Hitting them with health warnings has proved ineffective and most teenagers have "crazy" ideas of the risks they take, the Imperial Cancer Research Fund said yesterday.

In a MORI poll of 4,500 schoolchildren aged between 11 and 16 around two-thirds of teenage smokers think the health risks from smoking are not very important despite the fact that one in two teenagers who continue to smoke will die as a result of their habit.

Asked about health risks, teenage smokers saw air pollution or pesticides in foods as being as dangerous as smoking regularly. Three-quarters ofnon-smokers, however, saw smoking as a real risk.

A third of teenage smokers also agreed with a statement that smoking cannot be all that dangerous or the Government would ban sports sponsorship by tobacco companies.

"The truth is unless [teenagers] quit smoking about half are going to kill themselves," said Professor Richard Peto, head of the Imperial Cancer Research Fund (ICRF) Cancer Studies Unit at Oxford.

The strongest influence on quitting was if their girlfriends or boyfriends wanted them to give up. The MORI survey found that 4 out of 10 smokers would try to give up if their partner wanted them to and nearly one in five would give up if their best friends quit.

Only 4 per cent said they would stop if a celebrity they admired told them to.

The smoking-related deaths of screen idols such as Gary Cooper, John Wayne and Steve McQueen have a lasting effect on smokers' willpower. Professor Gordon McVie, director-general of the Cancer Research Campaign, said that the findings contradicted widely held preconceptions. "A lot of adults believe that young smokers would listen to celebrities' advice on quitting. But this survey shows that it's boy and girlfriends who carry the most influence . . . love really is the key to getting youngsters to quit," he said.

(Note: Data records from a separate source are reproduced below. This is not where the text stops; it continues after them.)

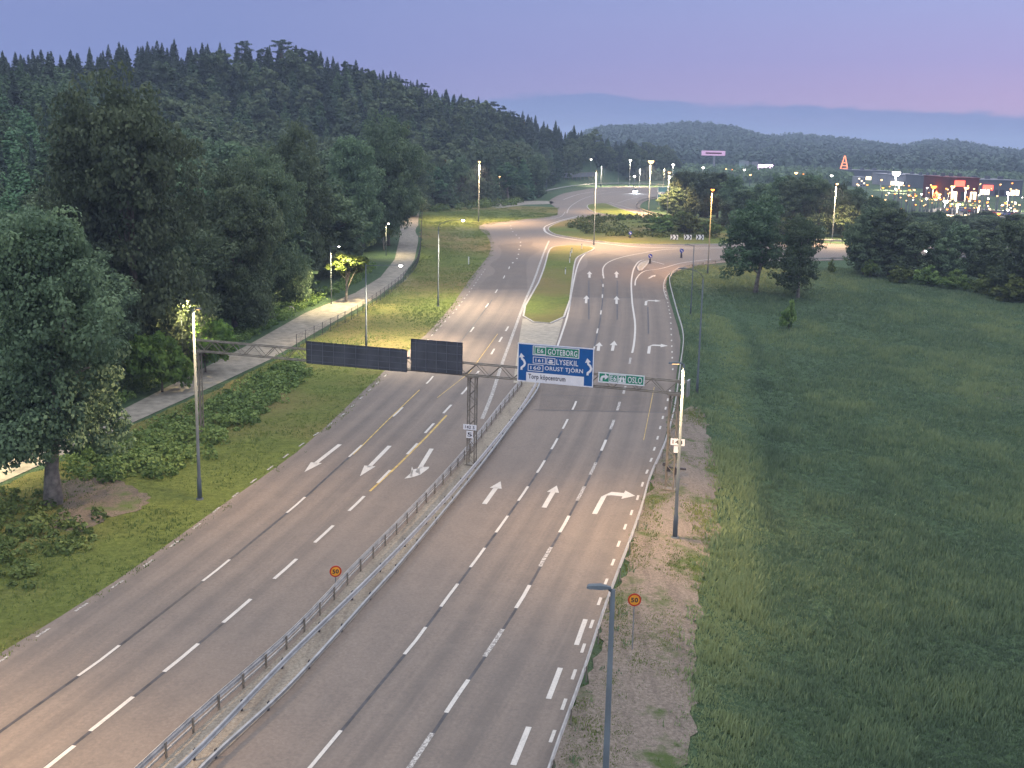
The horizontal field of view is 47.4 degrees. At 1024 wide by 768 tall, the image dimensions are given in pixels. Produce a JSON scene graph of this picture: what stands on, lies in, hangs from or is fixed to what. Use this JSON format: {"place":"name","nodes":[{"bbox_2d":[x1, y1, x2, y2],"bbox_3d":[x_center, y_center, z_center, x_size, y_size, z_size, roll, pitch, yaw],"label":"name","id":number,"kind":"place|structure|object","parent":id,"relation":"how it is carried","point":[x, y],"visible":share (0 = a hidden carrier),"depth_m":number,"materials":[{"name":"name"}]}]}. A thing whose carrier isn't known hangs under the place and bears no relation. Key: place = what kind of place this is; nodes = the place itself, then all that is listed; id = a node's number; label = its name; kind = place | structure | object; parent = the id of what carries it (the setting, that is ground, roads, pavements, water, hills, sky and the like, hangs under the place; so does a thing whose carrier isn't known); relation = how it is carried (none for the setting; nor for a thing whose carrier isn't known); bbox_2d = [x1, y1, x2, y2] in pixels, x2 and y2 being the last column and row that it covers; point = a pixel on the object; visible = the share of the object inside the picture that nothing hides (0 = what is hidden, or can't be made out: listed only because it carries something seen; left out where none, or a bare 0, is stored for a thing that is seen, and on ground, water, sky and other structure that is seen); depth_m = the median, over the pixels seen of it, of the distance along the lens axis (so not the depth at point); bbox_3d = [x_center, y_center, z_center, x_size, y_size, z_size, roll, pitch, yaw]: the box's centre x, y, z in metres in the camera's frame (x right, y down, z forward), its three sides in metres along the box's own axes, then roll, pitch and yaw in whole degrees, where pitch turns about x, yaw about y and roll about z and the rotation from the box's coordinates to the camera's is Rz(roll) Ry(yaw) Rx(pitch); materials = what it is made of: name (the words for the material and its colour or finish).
{"place":"outdoors","nodes":[
{"label":"outdoors","id":0,"kind":"place"},
{"bbox_2d":[0,213,418,482],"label":"path","id":1,"kind":"structure","parent":0,"point":[219,371],"depth_m":127.67,"materials":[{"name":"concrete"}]},
{"bbox_2d":[0,186,1010,767],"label":"road","id":2,"kind":"structure","parent":0,"point":[502,702],"depth_m":62.55,"materials":[{"name":"grey asphalt"}]},
{"bbox_2d":[0,279,664,767],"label":"road seams","id":3,"kind":"object","parent":2,"relation":"on","point":[430,619],"visible":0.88,"depth_m":59.08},
{"bbox_2d":[158,383,538,767],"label":"median gravel","id":4,"kind":"structure","parent":2,"relation":"on","point":[281,679],"depth_m":57.61,"materials":[{"name":"grey gravel"}]},
{"bbox_2d":[134,381,522,767],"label":"guard rail","id":5,"kind":"object","parent":4,"relation":"on","point":[162,745],"visible":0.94,"depth_m":56.37,"materials":[{"name":"metal"}]},
{"bbox_2d":[174,382,536,767],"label":"guard rail","id":6,"kind":"object","parent":4,"relation":"on","point":[203,744],"visible":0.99,"depth_m":56.89,"materials":[{"name":"metal"}]},
{"bbox_2d":[198,383,539,767],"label":"guard rail","id":7,"kind":"object","parent":4,"relation":"on","point":[210,758],"visible":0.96,"depth_m":56.90,"materials":[{"name":"metal"}]},
{"bbox_2d":[0,189,709,767],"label":"road markings","id":8,"kind":"object","parent":2,"relation":"on","point":[420,469],"visible":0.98,"depth_m":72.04,"materials":[{"name":"paint"}]},
{"bbox_2d":[354,334,653,490],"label":"old yellow road markings","id":9,"kind":"object","parent":2,"relation":"on","point":[396,466],"visible":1,"depth_m":92.38,"materials":[{"name":"paint"}]},
{"bbox_2d":[478,242,539,288],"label":"road patch","id":10,"kind":"object","parent":2,"relation":"on","point":[515,275],"visible":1,"depth_m":190.47,"materials":[{"name":"grey asphalt"}]},
{"bbox_2d":[514,319,562,382],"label":"median paving","id":11,"kind":"structure","parent":2,"relation":"on","point":[539,333],"depth_m":134.38,"materials":[{"name":"concrete"}]},
{"bbox_2d":[522,245,594,323],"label":"median grass","id":12,"kind":"structure","parent":2,"relation":"on","point":[549,300],"depth_m":169.25,"materials":[{"name":"plant"}]},
{"bbox_2d":[538,383,674,412],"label":"road patch","id":13,"kind":"object","parent":2,"relation":"on","point":[554,397],"visible":0.92,"depth_m":104.48,"materials":[{"name":"grey asphalt"}]},
{"bbox_2d":[587,203,642,216],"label":"splitter island","id":14,"kind":"structure","parent":2,"relation":"on","point":[603,208],"depth_m":339.38,"materials":[{"name":"green plant"}]},
{"bbox_2d":[572,253,665,298],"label":"road patch","id":15,"kind":"object","parent":2,"relation":"on","point":[646,287],"visible":1,"depth_m":178.29,"materials":[{"name":"grey asphalt"}]},
{"bbox_2d":[0,88,1023,767],"bbox_3d":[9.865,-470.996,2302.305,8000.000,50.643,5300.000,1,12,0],"label":"ground","id":16,"kind":"structure","parent":0,"point":[380,254],"depth_m":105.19,"materials":[{"name":"green plant"}]},
{"bbox_2d":[1,127,25,172],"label":"larch tree","id":17,"kind":"object","parent":16,"relation":"on","point":[10,142],"visible":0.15,"depth_m":183.14,"materials":[{"name":"green plant"}]},
{"bbox_2d":[7,157,30,198],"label":"larch tree","id":18,"kind":"object","parent":16,"relation":"on","point":[17,170],"visible":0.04,"depth_m":152.18,"materials":[{"name":"green plant"}]},
{"bbox_2d":[12,170,36,210],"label":"larch tree","id":19,"kind":"object","parent":16,"relation":"on","point":[22,189],"visible":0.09,"depth_m":138.81,"materials":[{"name":"green plant"}]},
{"bbox_2d":[31,143,55,194],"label":"larch tree","id":20,"kind":"object","parent":16,"relation":"on","point":[40,160],"visible":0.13,"depth_m":167.74,"materials":[{"name":"green plant"}]},
{"bbox_2d":[70,242,143,390],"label":"broadleaf tree","id":21,"kind":"object","parent":16,"relation":"on","point":[111,284],"visible":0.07,"depth_m":100.05,"materials":[{"name":"green plant"}]},
{"bbox_2d":[25,57,217,372],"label":"broadleaf tree","id":22,"kind":"object","parent":16,"relation":"on","point":[128,156],"visible":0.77,"depth_m":105.37,"materials":[{"name":"green plant"}]},
{"bbox_2d":[124,330,193,391],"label":"bush","id":23,"kind":"object","parent":16,"relation":"on","point":[152,357],"visible":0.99,"depth_m":101.91,"materials":[{"name":"green plant"}]},
{"bbox_2d":[139,217,205,336],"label":"broadleaf tree","id":24,"kind":"object","parent":16,"relation":"on","point":[187,246],"visible":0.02,"depth_m":117.81,"materials":[{"name":"green plant"}]},
{"bbox_2d":[153,208,238,335],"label":"broadleaf tree","id":25,"kind":"object","parent":16,"relation":"on","point":[205,263],"visible":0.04,"depth_m":121.83,"materials":[{"name":"green plant"}]},
{"bbox_2d":[187,314,238,371],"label":"bush","id":26,"kind":"object","parent":16,"relation":"on","point":[219,330],"visible":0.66,"depth_m":109.81,"materials":[{"name":"green plant"}]},
{"bbox_2d":[197,137,254,166],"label":"broadleaf tree","id":27,"kind":"object","parent":16,"relation":"on","point":[226,151],"visible":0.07,"depth_m":198.18,"materials":[{"name":"green plant"}]},
{"bbox_2d":[181,155,286,327],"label":"broadleaf tree","id":28,"kind":"object","parent":16,"relation":"on","point":[244,221],"visible":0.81,"depth_m":128.80,"materials":[{"name":"green plant"}]},
{"bbox_2d":[97,261,376,411],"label":"undergrowth","id":29,"kind":"object","parent":16,"relation":"on","point":[247,331],"visible":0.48,"depth_m":139.19,"materials":[{"name":"green plant"}]},
{"bbox_2d":[217,141,312,302],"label":"broadleaf tree","id":30,"kind":"object","parent":16,"relation":"on","point":[279,183],"visible":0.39,"depth_m":145.56,"materials":[{"name":"green plant"}]},
{"bbox_2d":[0,206,558,658],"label":"mown verge","id":31,"kind":"structure","parent":16,"relation":"on","point":[52,612],"depth_m":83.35,"materials":[{"name":"green plant"}]},
{"bbox_2d":[0,485,109,588],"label":"undergrowth","id":32,"kind":"object","parent":31,"relation":"on","point":[49,550],"visible":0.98,"depth_m":68.50,"materials":[{"name":"green plant"}]},
{"bbox_2d":[47,478,150,531],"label":"dirt patch","id":33,"kind":"object","parent":31,"relation":"on","point":[124,495],"visible":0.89,"depth_m":75.24,"materials":[{"name":"brown soil"}]},
{"bbox_2d":[0,205,136,505],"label":"broadleaf tree","id":34,"kind":"object","parent":33,"relation":"on","point":[50,302],"visible":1,"depth_m":70.61,"materials":[{"name":"green plant"}]},
{"bbox_2d":[59,353,313,482],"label":"undergrowth","id":35,"kind":"object","parent":31,"relation":"on","point":[151,449],"visible":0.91,"depth_m":89.19,"materials":[{"name":"green plant"}]},
{"bbox_2d":[192,307,203,500],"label":"street lamp","id":36,"kind":"object","parent":31,"relation":"on","point":[199,492],"visible":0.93,"depth_m":74.54,"materials":[{"name":"grey metal"}]},
{"bbox_2d":[296,212,422,346],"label":"wire fence","id":37,"kind":"object","parent":31,"relation":"on","point":[410,269],"visible":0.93,"depth_m":149.56,"materials":[{"name":"metal"}]},
{"bbox_2d":[264,118,335,276],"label":"broadleaf tree","id":38,"kind":"object","parent":16,"relation":"on","point":[316,212],"visible":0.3,"depth_m":162.68,"materials":[{"name":"green plant"}]},
{"bbox_2d":[276,192,323,299],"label":"larch tree","id":39,"kind":"object","parent":16,"relation":"on","point":[298,237],"visible":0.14,"depth_m":154.74,"materials":[{"name":"green plant"}]},
{"bbox_2d":[296,196,340,261],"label":"broadleaf tree","id":40,"kind":"object","parent":16,"relation":"on","point":[330,242],"visible":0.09,"depth_m":169.13,"materials":[{"name":"green plant"}]},
{"bbox_2d":[0,39,684,225],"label":"hillside forest","id":41,"kind":"object","parent":16,"relation":"on","point":[267,98],"visible":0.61,"depth_m":366.48,"materials":[{"name":"green plant"}]},
{"bbox_2d":[315,178,372,277],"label":"broadleaf tree","id":42,"kind":"object","parent":16,"relation":"on","point":[349,229],"visible":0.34,"depth_m":173.60,"materials":[{"name":"green plant"}]},
{"bbox_2d":[325,252,369,300],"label":"young tree","id":43,"kind":"object","parent":16,"relation":"on","point":[342,264],"visible":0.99,"depth_m":152.89,"materials":[{"name":"green plant"}]},
{"bbox_2d":[325,134,385,248],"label":"broadleaf tree","id":44,"kind":"object","parent":16,"relation":"on","point":[353,172],"visible":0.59,"depth_m":191.39,"materials":[{"name":"green plant"}]},
{"bbox_2d":[360,108,426,245],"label":"broadleaf tree","id":45,"kind":"object","parent":16,"relation":"on","point":[398,197],"visible":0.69,"depth_m":214.38,"materials":[{"name":"green plant"}]},
{"bbox_2d":[406,142,437,213],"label":"broadleaf tree","id":46,"kind":"object","parent":16,"relation":"on","point":[427,159],"visible":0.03,"depth_m":289.91,"materials":[{"name":"green plant"}]},
{"bbox_2d":[191,339,689,491],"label":"sign gantry","id":47,"kind":"object","parent":16,"relation":"on","point":[475,399],"visible":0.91,"depth_m":83.02,"materials":[{"name":"metal"}]},
{"bbox_2d":[306,341,406,371],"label":"gantry sign","id":48,"kind":"object","parent":47,"relation":"attached to","point":[359,356],"visible":1,"depth_m":85.10,"materials":[{"name":"metal"}]},
{"bbox_2d":[411,339,462,374],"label":"gantry sign","id":49,"kind":"object","parent":47,"relation":"attached to","point":[436,356],"visible":1,"depth_m":83.01,"materials":[{"name":"metal"}]},
{"bbox_2d":[517,343,594,386],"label":"direction sign","id":50,"kind":"object","parent":47,"relation":"attached to","point":[555,364],"visible":1,"depth_m":80.10,"materials":[{"name":"blue metal"}]},
{"bbox_2d":[598,372,644,385],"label":"direction sign","id":51,"kind":"object","parent":47,"relation":"attached to","point":[617,378],"visible":1,"depth_m":78.75,"materials":[{"name":"green metal"}]},
{"bbox_2d":[433,164,459,207],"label":"conifer tree","id":52,"kind":"object","parent":16,"relation":"on","point":[450,196],"visible":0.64,"depth_m":333.42,"materials":[{"name":"green plant"}]},
{"bbox_2d":[448,155,476,203],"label":"broadleaf tree","id":53,"kind":"object","parent":16,"relation":"on","point":[464,177],"visible":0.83,"depth_m":341.85,"materials":[{"name":"green plant"}]},
{"bbox_2d":[428,195,523,211],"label":"undergrowth","id":54,"kind":"object","parent":16,"relation":"on","point":[487,203],"visible":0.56,"depth_m":342.21,"materials":[{"name":"green plant"}]},
{"bbox_2d":[466,169,487,201],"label":"broadleaf tree","id":55,"kind":"object","parent":16,"relation":"on","point":[479,190],"visible":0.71,"depth_m":351.74,"materials":[{"name":"green plant"}]},
{"bbox_2d":[481,165,503,202],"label":"conifer tree","id":56,"kind":"object","parent":16,"relation":"on","point":[491,180],"visible":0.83,"depth_m":365.92,"materials":[{"name":"green plant"}]},
{"bbox_2d":[494,162,520,199],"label":"broadleaf tree","id":57,"kind":"object","parent":16,"relation":"on","point":[507,171],"visible":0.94,"depth_m":371.39,"materials":[{"name":"green plant"}]},
{"bbox_2d":[510,159,537,199],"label":"conifer tree","id":58,"kind":"object","parent":16,"relation":"on","point":[525,179],"visible":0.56,"depth_m":388.21,"materials":[{"name":"green plant"}]},
{"bbox_2d":[528,152,549,197],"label":"broadleaf tree","id":59,"kind":"object","parent":16,"relation":"on","point":[538,163],"visible":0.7,"depth_m":404.13,"materials":[{"name":"green plant"}]},
{"bbox_2d":[587,583,614,767],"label":"street lamp","id":60,"kind":"object","parent":16,"relation":"on","point":[600,586],"visible":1,"depth_m":34.66,"materials":[{"name":"grey metal"}]},
{"bbox_2d":[554,406,720,767],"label":"gravel strip","id":61,"kind":"object","parent":16,"relation":"on","point":[658,700],"visible":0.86,"depth_m":56.56,"materials":[{"name":"beige gravel"}]},
{"bbox_2d":[555,408,722,767],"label":"weeds","id":62,"kind":"object","parent":61,"relation":"on","point":[656,534],"visible":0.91,"depth_m":65.36,"materials":[{"name":"green plant"}]},
{"bbox_2d":[669,361,684,538],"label":"street lamp","id":63,"kind":"object","parent":61,"relation":"on","point":[675,528],"visible":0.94,"depth_m":69.80,"materials":[{"name":"grey metal"}]},
{"bbox_2d":[548,217,743,244],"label":"roundabout island","id":64,"kind":"structure","parent":16,"relation":"on","point":[560,228],"depth_m":243.37,"materials":[{"name":"green plant"}]},
{"bbox_2d":[565,213,725,238],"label":"undergrowth","id":65,"kind":"object","parent":64,"relation":"on","point":[583,222],"visible":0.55,"depth_m":255.52,"materials":[{"name":"green plant"}]},
{"bbox_2d":[645,214,686,232],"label":"bush","id":66,"kind":"object","parent":64,"relation":"on","point":[663,223],"visible":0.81,"depth_m":251.07,"materials":[{"name":"green plant"}]},
{"bbox_2d":[672,212,704,234],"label":"bush","id":67,"kind":"object","parent":64,"relation":"on","point":[693,224],"visible":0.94,"depth_m":248.47,"materials":[{"name":"green plant"}]},
{"bbox_2d":[656,186,690,214],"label":"broadleaf tree","id":68,"kind":"object","parent":16,"relation":"on","point":[679,194],"visible":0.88,"depth_m":319.04,"materials":[{"name":"green plant"}]},
{"bbox_2d":[669,169,699,212],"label":"broadleaf tree","id":69,"kind":"object","parent":16,"relation":"on","point":[684,179],"visible":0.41,"depth_m":328.82,"materials":[{"name":"green plant"}]},
{"bbox_2d":[683,170,711,216],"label":"broadleaf tree","id":70,"kind":"object","parent":16,"relation":"on","point":[697,190],"visible":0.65,"depth_m":314.64,"materials":[{"name":"green plant"}]},
{"bbox_2d":[697,172,728,218],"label":"broadleaf tree","id":71,"kind":"object","parent":16,"relation":"on","point":[716,179],"visible":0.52,"depth_m":307.36,"materials":[{"name":"green plant"}]},
{"bbox_2d":[714,174,752,216],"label":"broadleaf tree","id":72,"kind":"object","parent":16,"relation":"on","point":[732,184],"visible":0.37,"depth_m":296.69,"materials":[{"name":"green plant"}]},
{"bbox_2d":[727,189,757,219],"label":"broadleaf tree","id":73,"kind":"object","parent":16,"relation":"on","point":[739,198],"visible":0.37,"depth_m":266.20,"materials":[{"name":"green plant"}]},
{"bbox_2d":[718,194,790,292],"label":"broadleaf tree","id":74,"kind":"object","parent":16,"relation":"on","point":[751,228],"visible":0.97,"depth_m":165.90,"materials":[{"name":"green plant"}]},
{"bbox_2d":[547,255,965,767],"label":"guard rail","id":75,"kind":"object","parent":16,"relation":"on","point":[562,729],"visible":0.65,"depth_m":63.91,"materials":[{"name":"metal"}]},
{"bbox_2d":[757,173,788,226],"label":"broadleaf tree","id":76,"kind":"object","parent":16,"relation":"on","point":[774,191],"visible":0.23,"depth_m":261.67,"materials":[{"name":"green plant"}]},
{"bbox_2d":[779,299,796,328],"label":"bush","id":77,"kind":"object","parent":16,"relation":"on","point":[788,317],"visible":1,"depth_m":144.56,"materials":[{"name":"green plant"}]},
{"bbox_2d":[771,177,810,233],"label":"broadleaf tree","id":78,"kind":"object","parent":16,"relation":"on","point":[791,190],"visible":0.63,"depth_m":257.28,"materials":[{"name":"green plant"}]},
{"bbox_2d":[563,120,1023,174],"bbox_3d":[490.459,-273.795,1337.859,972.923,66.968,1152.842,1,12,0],"label":"forest","id":79,"kind":"object","parent":16,"relation":"on","point":[689,141],"visible":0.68,"depth_m":1156.92,"materials":[{"name":"green plant"}]},
{"bbox_2d":[764,213,828,297],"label":"broadleaf tree","id":80,"kind":"object","parent":16,"relation":"on","point":[802,237],"visible":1,"depth_m":162.29,"materials":[{"name":"green plant"}]},
{"bbox_2d":[789,172,822,224],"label":"broadleaf tree","id":81,"kind":"object","parent":16,"relation":"on","point":[812,203],"visible":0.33,"depth_m":258.24,"materials":[{"name":"green plant"}]},
{"bbox_2d":[805,177,839,235],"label":"broadleaf tree","id":82,"kind":"object","parent":16,"relation":"on","point":[822,217],"visible":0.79,"depth_m":255.51,"materials":[{"name":"green plant"}]},
{"bbox_2d":[630,163,1023,185],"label":"distant wood","id":83,"kind":"object","parent":16,"relation":"on","point":[763,175],"visible":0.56,"depth_m":682.59,"materials":[{"name":"green plant"}]},
{"bbox_2d":[827,189,858,236],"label":"broadleaf tree","id":84,"kind":"object","parent":16,"relation":"on","point":[845,203],"visible":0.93,"depth_m":251.82,"materials":[{"name":"green plant"}]},
{"bbox_2d":[841,204,892,274],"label":"broadleaf tree","id":85,"kind":"object","parent":16,"relation":"on","point":[857,252],"visible":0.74,"depth_m":189.11,"materials":[{"name":"green plant"}]},
{"bbox_2d":[866,206,916,275],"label":"broadleaf tree","id":86,"kind":"object","parent":16,"relation":"on","point":[896,216],"visible":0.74,"depth_m":187.26,"materials":[{"name":"green plant"}]},
{"bbox_2d":[886,265,914,282],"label":"bush","id":87,"kind":"object","parent":16,"relation":"on","point":[899,274],"visible":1,"depth_m":181.63,"materials":[{"name":"green plant"}]},
{"bbox_2d":[883,220,944,276],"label":"broadleaf tree","id":88,"kind":"object","parent":16,"relation":"on","point":[919,236],"visible":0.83,"depth_m":184.53,"materials":[{"name":"green plant"}]},
{"bbox_2d":[913,264,943,284],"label":"bush","id":89,"kind":"object","parent":16,"relation":"on","point":[927,275],"visible":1,"depth_m":178.74,"materials":[{"name":"green plant"}]},
{"bbox_2d":[922,173,979,201],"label":"store building","id":90,"kind":"structure","parent":16,"relation":"on","point":[942,182],"depth_m":452.54,"materials":[{"name":"beige"}]},
{"bbox_2d":[926,221,981,277],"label":"broadleaf tree","id":91,"kind":"object","parent":16,"relation":"on","point":[962,240],"visible":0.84,"depth_m":182.29,"materials":[{"name":"green plant"}]},
{"bbox_2d":[941,268,971,289],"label":"bush","id":92,"kind":"object","parent":16,"relation":"on","point":[953,280],"visible":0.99,"depth_m":175.34,"materials":[{"name":"green plant"}]},
{"bbox_2d":[962,229,1007,277],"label":"broadleaf tree","id":93,"kind":"object","parent":16,"relation":"on","point":[989,253],"visible":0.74,"depth_m":179.10,"materials":[{"name":"green plant"}]},
{"bbox_2d":[969,274,1002,293],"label":"bush","id":94,"kind":"object","parent":16,"relation":"on","point":[983,285],"visible":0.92,"depth_m":171.26,"materials":[{"name":"green plant"}]},
{"bbox_2d":[972,176,1023,196],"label":"store building","id":95,"kind":"structure","parent":16,"relation":"on","point":[987,182],"depth_m":511.01,"materials":[{"name":"beige"}]},
{"bbox_2d":[985,218,1023,297],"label":"broadleaf tree","id":96,"kind":"object","parent":16,"relation":"on","point":[1000,272],"visible":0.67,"depth_m":167.73,"materials":[{"name":"green plant"}]},
{"bbox_2d":[989,273,1023,301],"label":"bush","id":97,"kind":"object","parent":16,"relation":"on","point":[1010,290],"visible":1,"depth_m":164.90,"materials":[{"name":"green plant"}]},
{"bbox_2d":[0,0,1023,149],"label":"sky","id":98,"kind":"structure","parent":0,"point":[890,71],"materials":[{"name":"blue"}]},
{"bbox_2d":[872,171,914,185],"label":"store building","id":99,"kind":"structure","parent":0,"point":[888,178],"depth_m":632.12,"materials":[{"name":"beige"}]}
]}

The other big influence for teenagers who have less disposable income than adults is price. More than half the teenagers surveyed said that a substantial increase in the price of cigarettes would discourage them from starting smoking. And 55 per cent of people who smoke todaythought that increasing the price of cigarettes to pounds 5 for 20 would deter young people from taking up the habit.

The ICRF estimates that smoking will kill around 1 million of today's teenagers and children in middle age if present smoking trends continue. A further million will die through tobacco in old age.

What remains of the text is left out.